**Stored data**
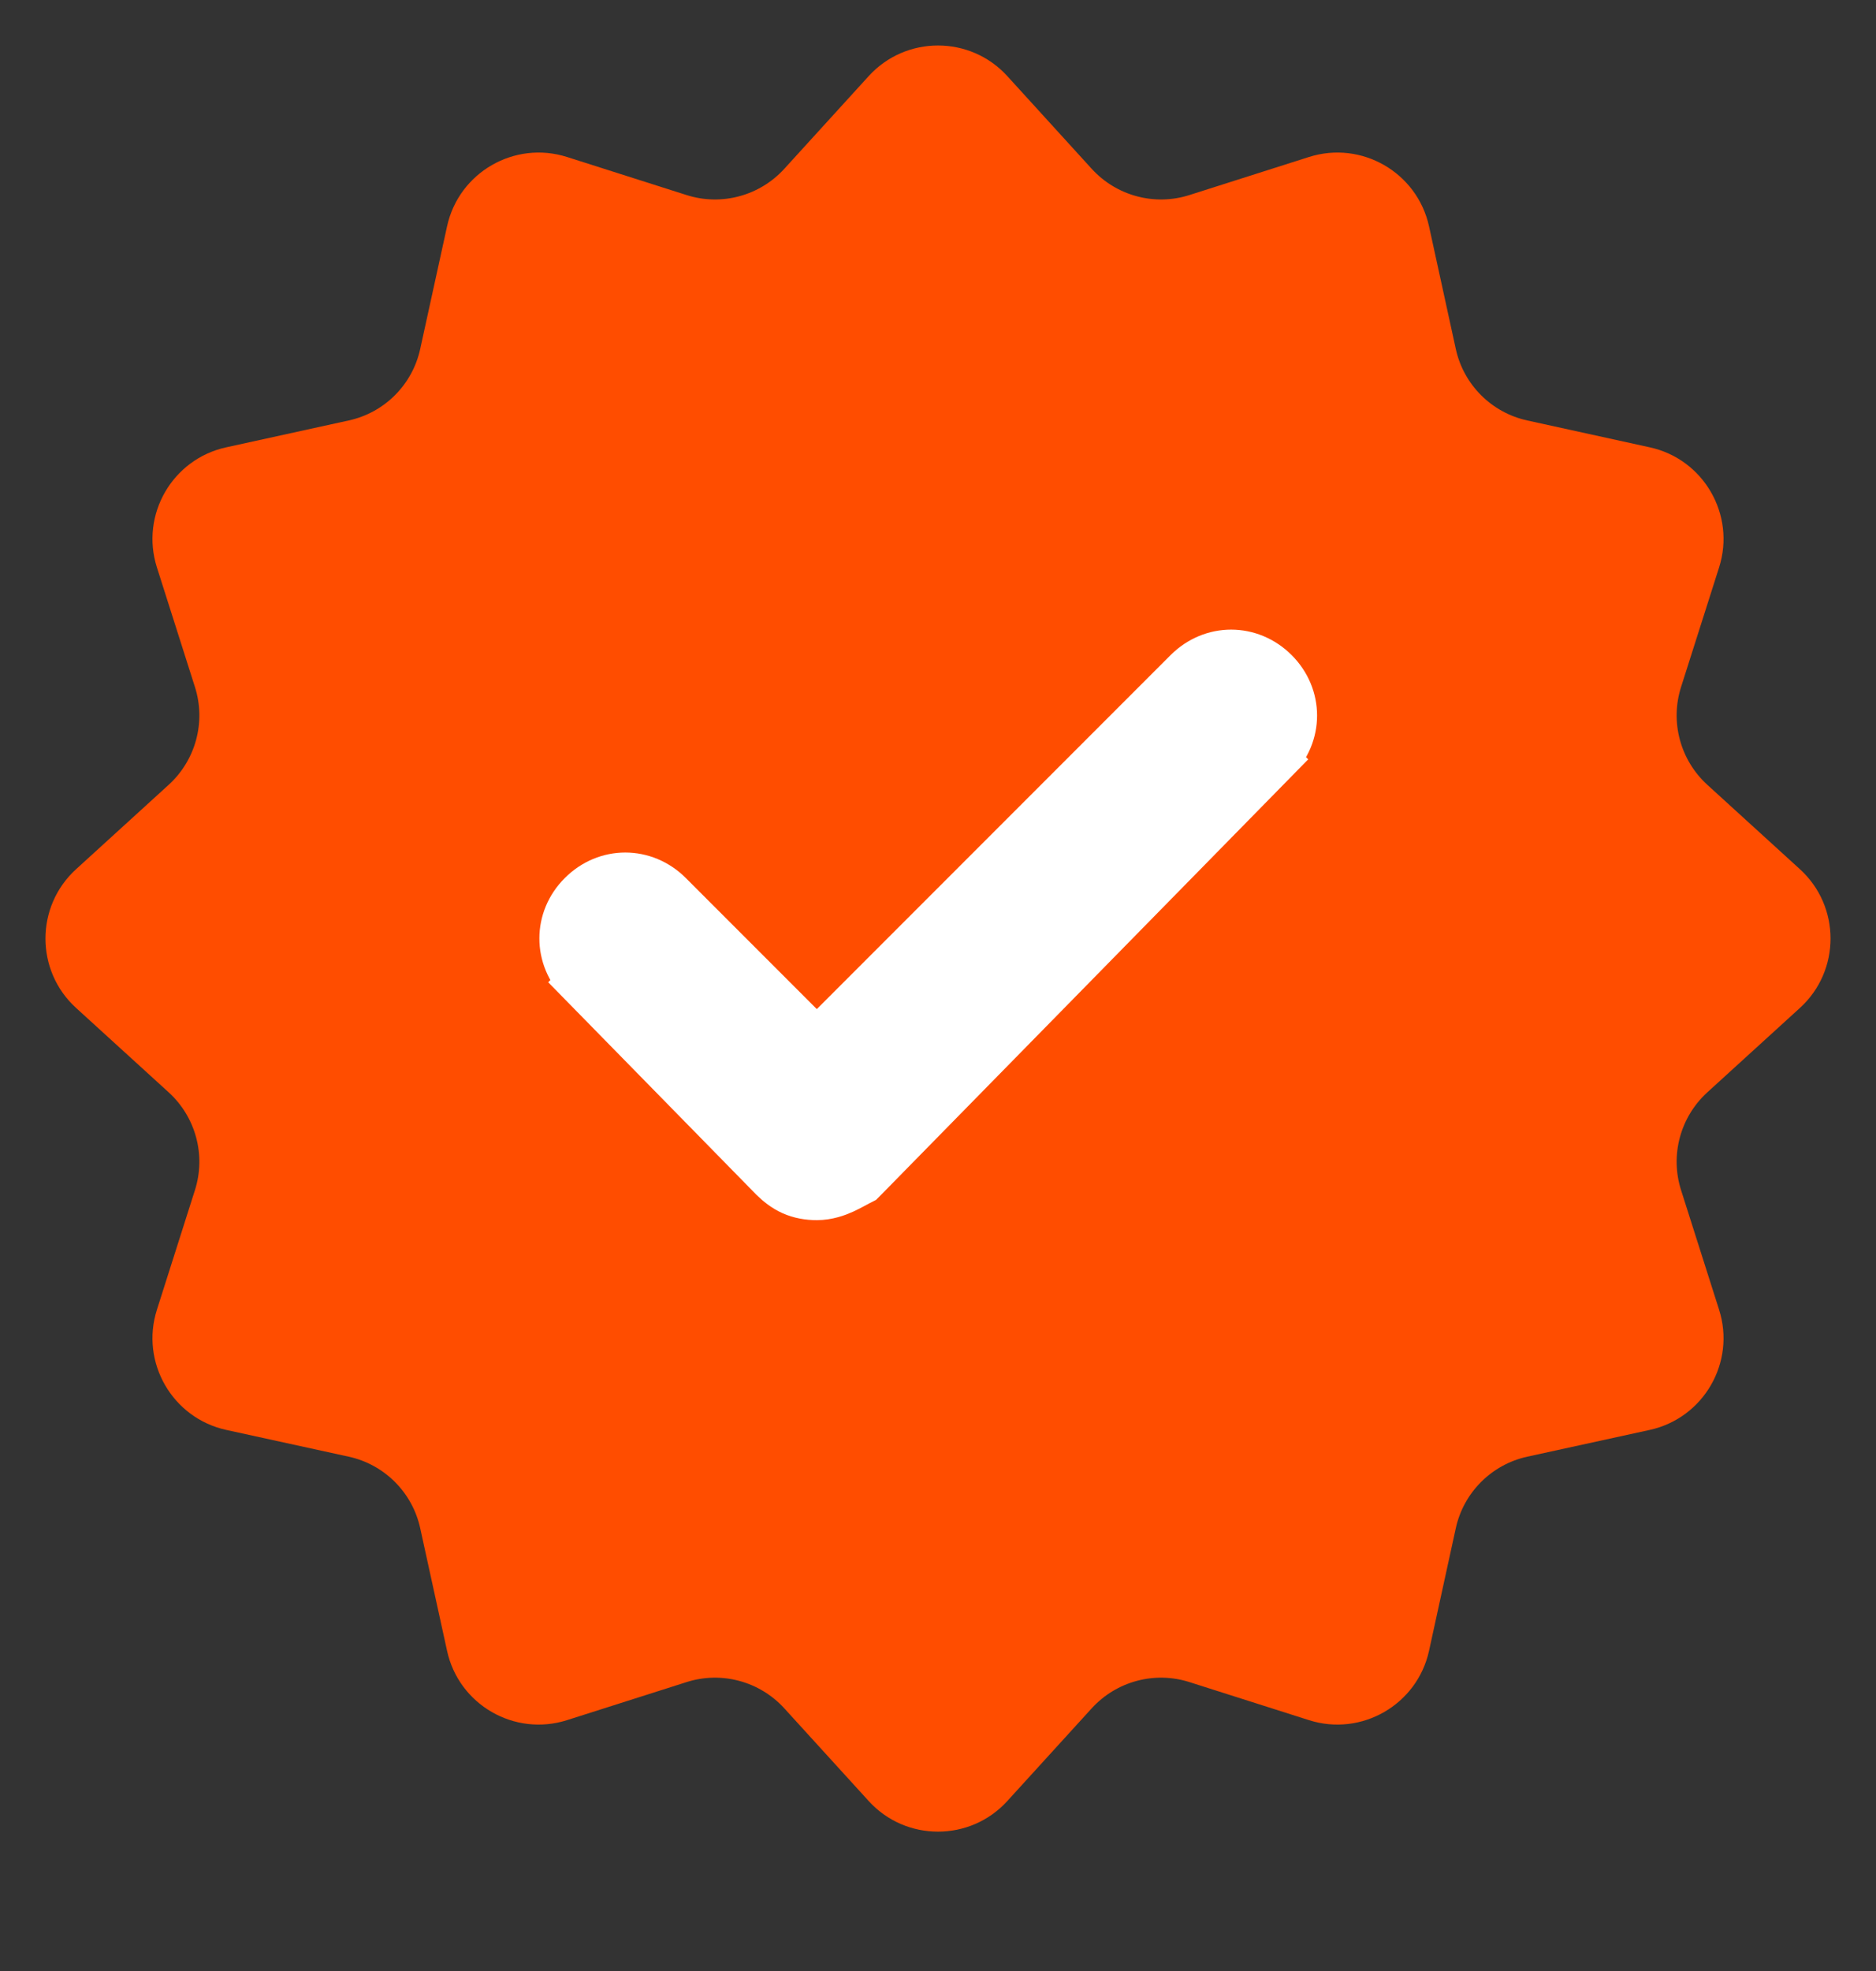 <svg width="20" height="21" viewBox="0 0 20 21" fill="none" xmlns="http://www.w3.org/2000/svg">
<rect x="0" y="0" width="20" height="21" fill="#333333" stroke="none"/>
<path d="M9.261 0.811C9.657 0.376 10.343 0.376 10.739 0.811L11.639 1.799C11.902 2.087 12.309 2.197 12.681 2.078L13.954 1.673C14.515 1.494 15.109 1.837 15.235 2.412L15.52 3.717C15.603 4.099 15.902 4.397 16.283 4.48L17.588 4.766C18.163 4.891 18.506 5.485 18.327 6.046L17.922 7.319C17.803 7.691 17.913 8.098 18.201 8.361L19.189 9.261C19.624 9.657 19.624 10.343 19.189 10.739L18.201 11.639C17.913 11.902 17.803 12.309 17.922 12.681L18.327 13.954C18.506 14.515 18.163 15.109 17.588 15.235L16.283 15.52C15.902 15.603 15.603 15.902 15.52 16.283L15.235 17.588C15.109 18.163 14.515 18.506 13.954 18.327L12.681 17.922C12.309 17.803 11.902 17.913 11.639 18.201L10.739 19.189C10.343 19.624 9.657 19.624 9.261 19.189L8.361 18.201C8.098 17.913 7.691 17.803 7.319 17.922L6.046 18.327C5.485 18.506 4.891 18.163 4.766 17.588L4.48 16.283C4.397 15.902 4.099 15.603 3.717 15.52L2.412 15.235C1.837 15.109 1.494 14.515 1.673 13.954L2.078 12.681C2.197 12.309 2.087 11.902 1.799 11.639L0.811 10.739C0.376 10.343 0.376 9.657 0.811 9.261L1.799 8.361C2.087 8.098 2.197 7.691 2.078 7.319L1.673 6.046C1.494 5.485 1.837 4.891 2.412 4.766L3.717 4.48C4.099 4.397 4.397 4.099 4.48 3.717L4.766 2.412C4.891 1.837 5.485 1.494 6.046 1.673L7.319 2.078C7.691 2.197 8.098 2.087 8.361 1.799L9.261 0.811Z" fill="#FF4D00"/>
<path d="M12.656 7.157C12.921 6.892 13.329 6.892 13.594 7.157C13.857 7.42 13.857 7.827 13.594 8.091L13.595 8.092L9.22 12.55L9.19 12.58L9.153 12.599C9.141 12.605 9.049 12.656 8.994 12.681C8.924 12.713 8.823 12.75 8.708 12.75C8.617 12.75 8.529 12.735 8.445 12.698C8.363 12.661 8.297 12.608 8.24 12.552L8.238 12.55L6.196 10.467L6.197 10.466C5.935 10.202 5.934 9.795 6.198 9.532C6.462 9.267 6.87 9.267 7.135 9.532L8.708 11.105L12.656 7.157Z" fill="white" stroke="white" stroke-width="0.5"/>
</svg>

**Activity**
Using the records above, gather all lines where the string "stroke" is present.

**Response for this exercise**
<rect x="0" y="0" width="20" height="21" fill="#333333" stroke="none"/>
<path d="M12.656 7.157C12.921 6.892 13.329 6.892 13.594 7.157C13.857 7.42 13.857 7.827 13.594 8.091L13.595 8.092L9.22 12.55L9.19 12.58L9.153 12.599C9.141 12.605 9.049 12.656 8.994 12.681C8.924 12.713 8.823 12.75 8.708 12.75C8.617 12.75 8.529 12.735 8.445 12.698C8.363 12.661 8.297 12.608 8.24 12.552L8.238 12.55L6.196 10.467L6.197 10.466C5.935 10.202 5.934 9.795 6.198 9.532C6.462 9.267 6.87 9.267 7.135 9.532L8.708 11.105L12.656 7.157Z" fill="white" stroke="white" stroke-width="0.5"/>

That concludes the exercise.